When investing into cryptocurrency you want to look for projects that will make the biggest changes within an industry. This is why I prefer coins like ETH, BAT, LINK, XLM, ONT and NEO.
However today we are going to look at Ethereum and Chainlink, two revolutionary cryptocurrencies that will bridge many gaps present in the blockchain space.
See more: Chainlink ethereum 2.0
Ethereum 2.0 is the name used to describe a series of proposed updates that will make Ethereum faster, improve it’s scalability, increase it’s security and improve its ability to deploy smart contracts and dApps (decentralized applications).
Ethereum 2.0 has 5 design major goals, below you can see the goals stated by Ethereum researcher Danny Ryan.
1. Minimize complexity: Simplify the Ethereum blockchain, even at the cost of reduced efficiency.
2. Improve up-time: The Ethereum network should remain live during major network splits and when a very large number of nodes go offline. Note: Nodes are computers which connect to the Ethereum network.

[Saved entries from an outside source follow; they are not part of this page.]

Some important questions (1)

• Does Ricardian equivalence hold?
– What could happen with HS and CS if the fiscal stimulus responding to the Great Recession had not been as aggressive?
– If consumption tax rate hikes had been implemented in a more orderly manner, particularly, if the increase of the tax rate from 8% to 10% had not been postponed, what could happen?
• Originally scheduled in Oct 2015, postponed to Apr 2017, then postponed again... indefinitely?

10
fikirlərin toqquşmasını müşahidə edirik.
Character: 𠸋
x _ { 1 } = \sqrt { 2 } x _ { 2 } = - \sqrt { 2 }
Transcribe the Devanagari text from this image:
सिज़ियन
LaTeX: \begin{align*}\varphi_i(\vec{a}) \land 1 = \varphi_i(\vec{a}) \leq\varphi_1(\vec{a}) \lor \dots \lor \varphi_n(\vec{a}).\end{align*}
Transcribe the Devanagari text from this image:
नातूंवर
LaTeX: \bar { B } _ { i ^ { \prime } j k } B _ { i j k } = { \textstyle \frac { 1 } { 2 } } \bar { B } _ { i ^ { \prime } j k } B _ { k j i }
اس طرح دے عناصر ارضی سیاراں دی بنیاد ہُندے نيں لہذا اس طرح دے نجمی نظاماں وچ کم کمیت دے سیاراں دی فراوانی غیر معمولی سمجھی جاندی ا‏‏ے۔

3. Ensure longevity: Ethereum 2.0 should be built with components which are either quantum secure or can be easily swapped out for quantum secure replacements when available.
4. Increased security: Use design techniques which allow a large number of validators to secure the network by staking their ETH holdings.

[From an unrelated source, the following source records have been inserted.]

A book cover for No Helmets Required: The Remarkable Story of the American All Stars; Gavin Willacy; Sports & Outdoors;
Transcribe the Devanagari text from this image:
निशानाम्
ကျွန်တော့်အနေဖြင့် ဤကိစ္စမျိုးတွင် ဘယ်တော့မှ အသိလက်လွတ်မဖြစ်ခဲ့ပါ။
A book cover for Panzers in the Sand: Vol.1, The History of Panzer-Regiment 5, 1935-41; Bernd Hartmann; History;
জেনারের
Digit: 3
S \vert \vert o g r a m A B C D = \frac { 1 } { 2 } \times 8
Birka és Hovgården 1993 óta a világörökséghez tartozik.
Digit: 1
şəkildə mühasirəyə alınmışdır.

5. Reduce barriers to entry: Make it possible for a typical laptop to process or validate shards.
Ethereum is built in 4 stages (more info later in this post) and the stage that will take us to Ethereum 2.0 is called Serenity.

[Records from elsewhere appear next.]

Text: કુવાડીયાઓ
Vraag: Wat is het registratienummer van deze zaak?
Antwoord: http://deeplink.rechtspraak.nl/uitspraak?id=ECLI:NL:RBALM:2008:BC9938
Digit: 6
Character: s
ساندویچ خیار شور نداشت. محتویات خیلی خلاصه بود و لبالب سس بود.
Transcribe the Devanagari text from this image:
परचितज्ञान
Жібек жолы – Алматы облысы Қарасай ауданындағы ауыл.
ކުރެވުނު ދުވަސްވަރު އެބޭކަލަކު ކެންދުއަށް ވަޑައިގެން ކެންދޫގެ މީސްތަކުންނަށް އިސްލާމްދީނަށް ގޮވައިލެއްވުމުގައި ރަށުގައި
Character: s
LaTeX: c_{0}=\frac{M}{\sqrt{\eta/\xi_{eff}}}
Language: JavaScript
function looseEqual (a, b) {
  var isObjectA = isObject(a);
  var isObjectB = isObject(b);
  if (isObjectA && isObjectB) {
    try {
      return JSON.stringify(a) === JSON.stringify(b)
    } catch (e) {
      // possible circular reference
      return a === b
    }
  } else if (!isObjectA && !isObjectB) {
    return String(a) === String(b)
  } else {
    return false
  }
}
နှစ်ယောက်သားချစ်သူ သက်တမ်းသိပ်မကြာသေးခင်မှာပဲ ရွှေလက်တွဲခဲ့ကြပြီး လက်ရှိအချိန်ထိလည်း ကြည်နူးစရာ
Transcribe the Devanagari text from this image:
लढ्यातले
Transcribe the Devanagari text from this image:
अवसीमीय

Serenity is a series of upgrades to the Ethereum blockchain which include:
Beacon Chain (2020) – A “system chain” which will store and maintain a registry of validators, process cross-links between itself and the mainchain, and to process the finality gadget.
After the deposit, you will become a “pending validator” on the beacon chain.
After some time has passed you will become an “active validator”, allowing you to take part in the Proof-of-Stake (PoS) protocol. Activation occurs after the beacon chain processes the deposit receipt from ETH 1.0.
Maybe you are interested: History and Forks of Ethereum | nftgamef.com
Shard Chains (2021) – Sharding is planned for 2021. Sharding will vastly improve Ethereums scalability, allowing a lot more transactions to take place.
Each shard will function as it’s own independent state, maintaining it’s own set of account balances and smart contracts. This will enable Ethereum to process more transactions since they cannot bloat the mainchain.
eWasm (2021) – eWasm is short for Ethereum flavoured WebAssembly. This an Ethereum 2.0 optimized, wasm-based Ethereum Virtual Machine (EVM).
This is composed of a section of WebAssembly (Wasm) compatible for the needs of Ethereum.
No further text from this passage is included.